- **What to work on**
Copy out the listing in full, exactly as written, but not its pictures.
Records for this exercise Block Start
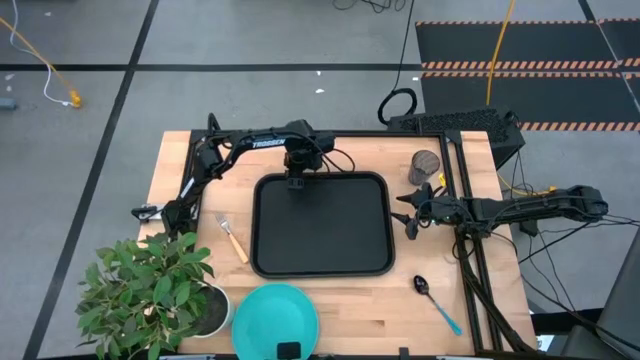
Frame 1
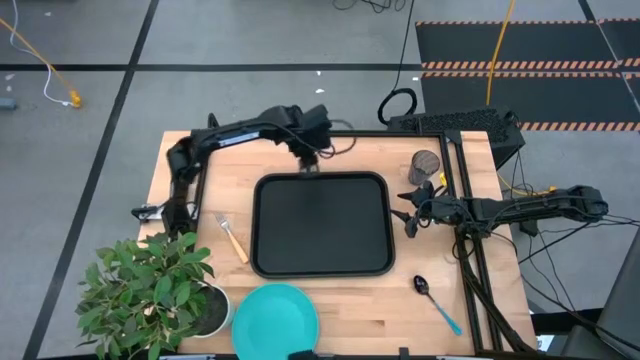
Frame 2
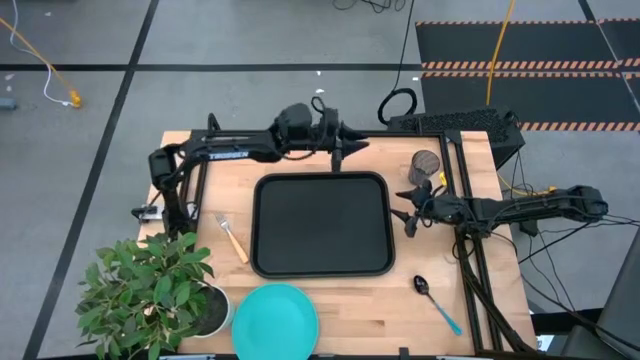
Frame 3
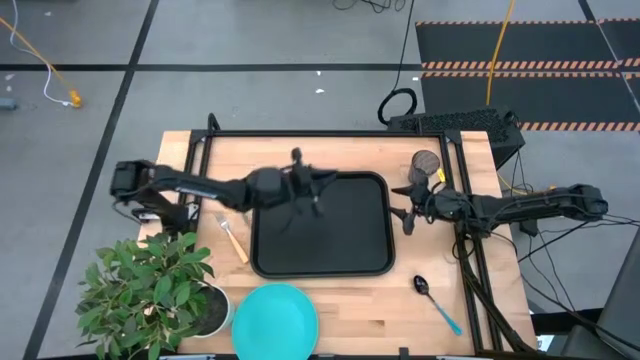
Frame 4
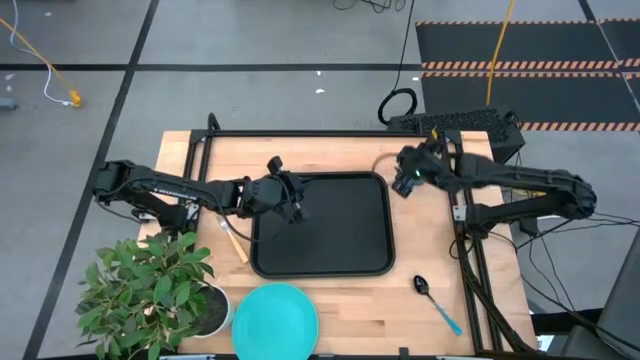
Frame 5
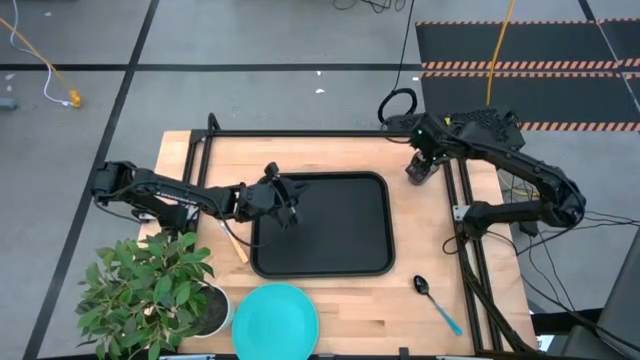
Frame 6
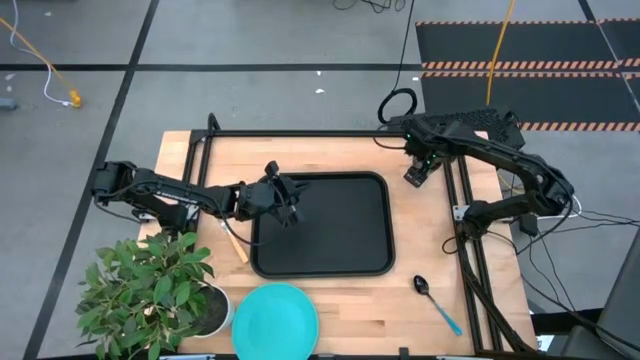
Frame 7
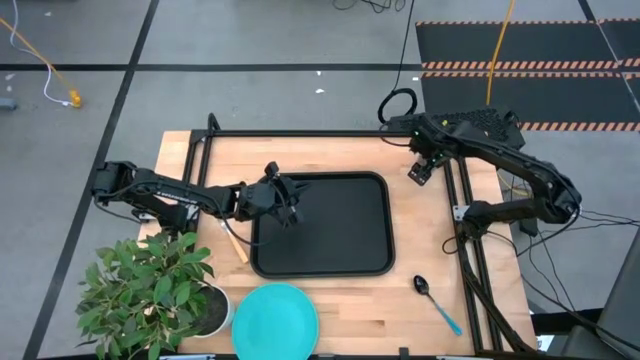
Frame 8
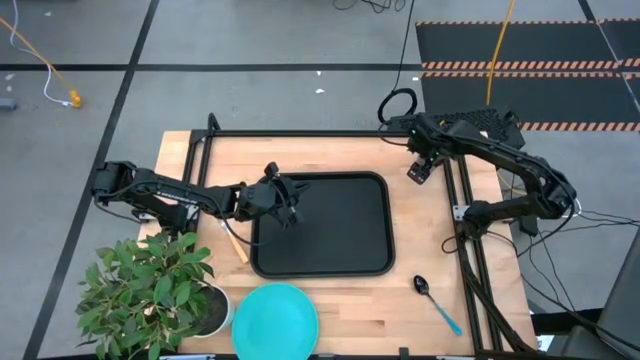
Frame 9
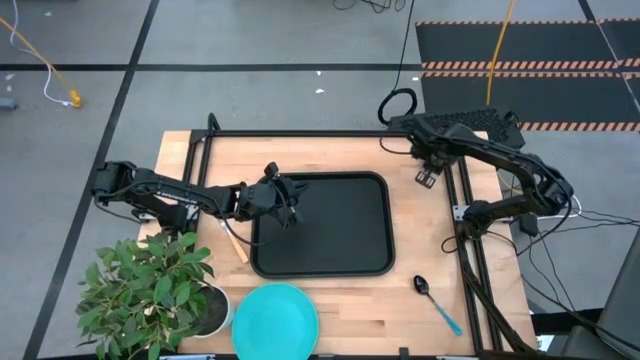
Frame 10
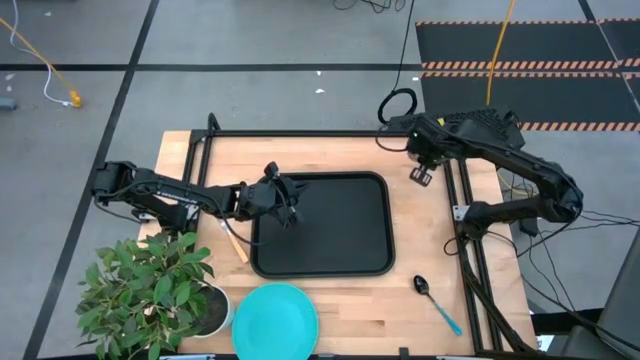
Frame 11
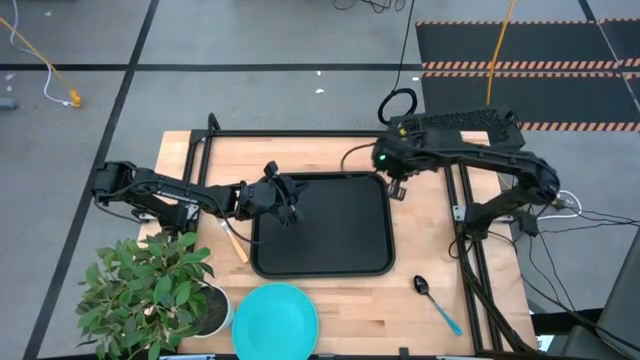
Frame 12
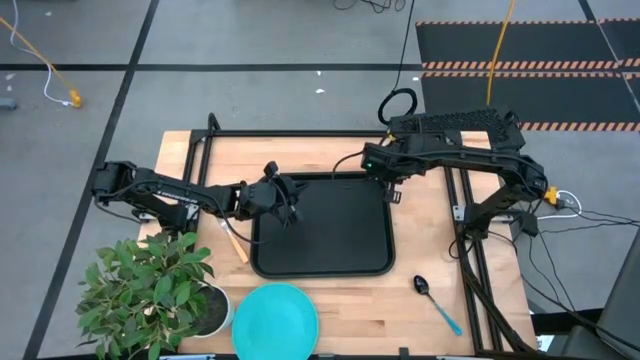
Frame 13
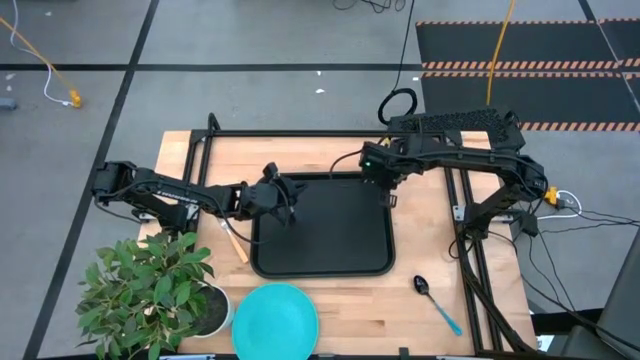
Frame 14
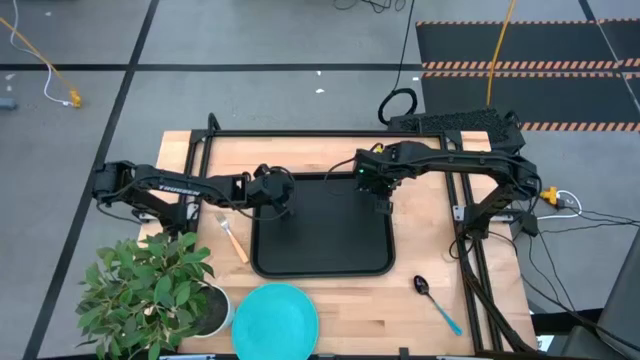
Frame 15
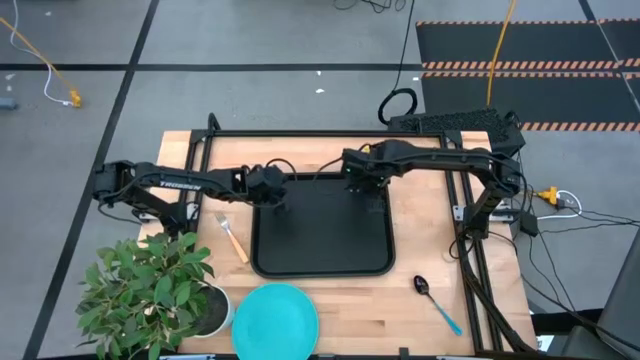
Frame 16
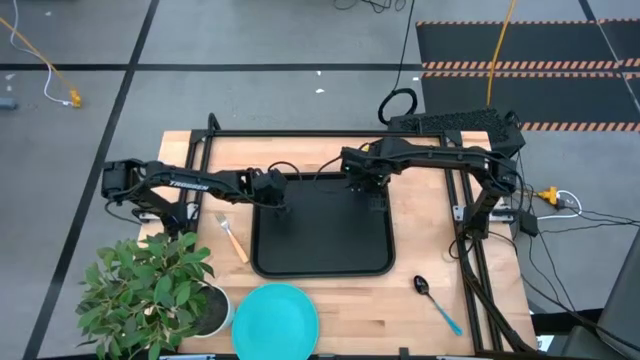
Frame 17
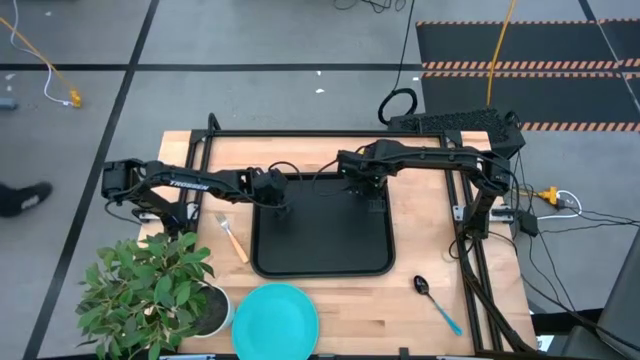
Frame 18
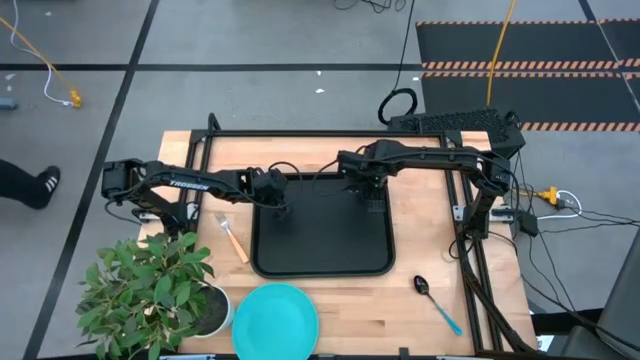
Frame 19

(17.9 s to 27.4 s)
Task: Pick and place plate/cup/fork/spoon on tray
Put the blue cup on the black serving tray
Records for this exercise Block End
- **Solved problem**
Frame 1
Frame 2
Frame 3
Frame 4
Frame 5
Frame 6
Frame 7
Frame 8
Frame 9
Frame 10
Frame 11
Frame 12
Frame 13
Frame 14
Frame 15
Frame 16
Frame 17
Frame 18
Frame 19

(17.9 s to 27.4 s)
Task: Pick and place plate/cup/fork/spoon on tray
Put the blue cup on the black serving tray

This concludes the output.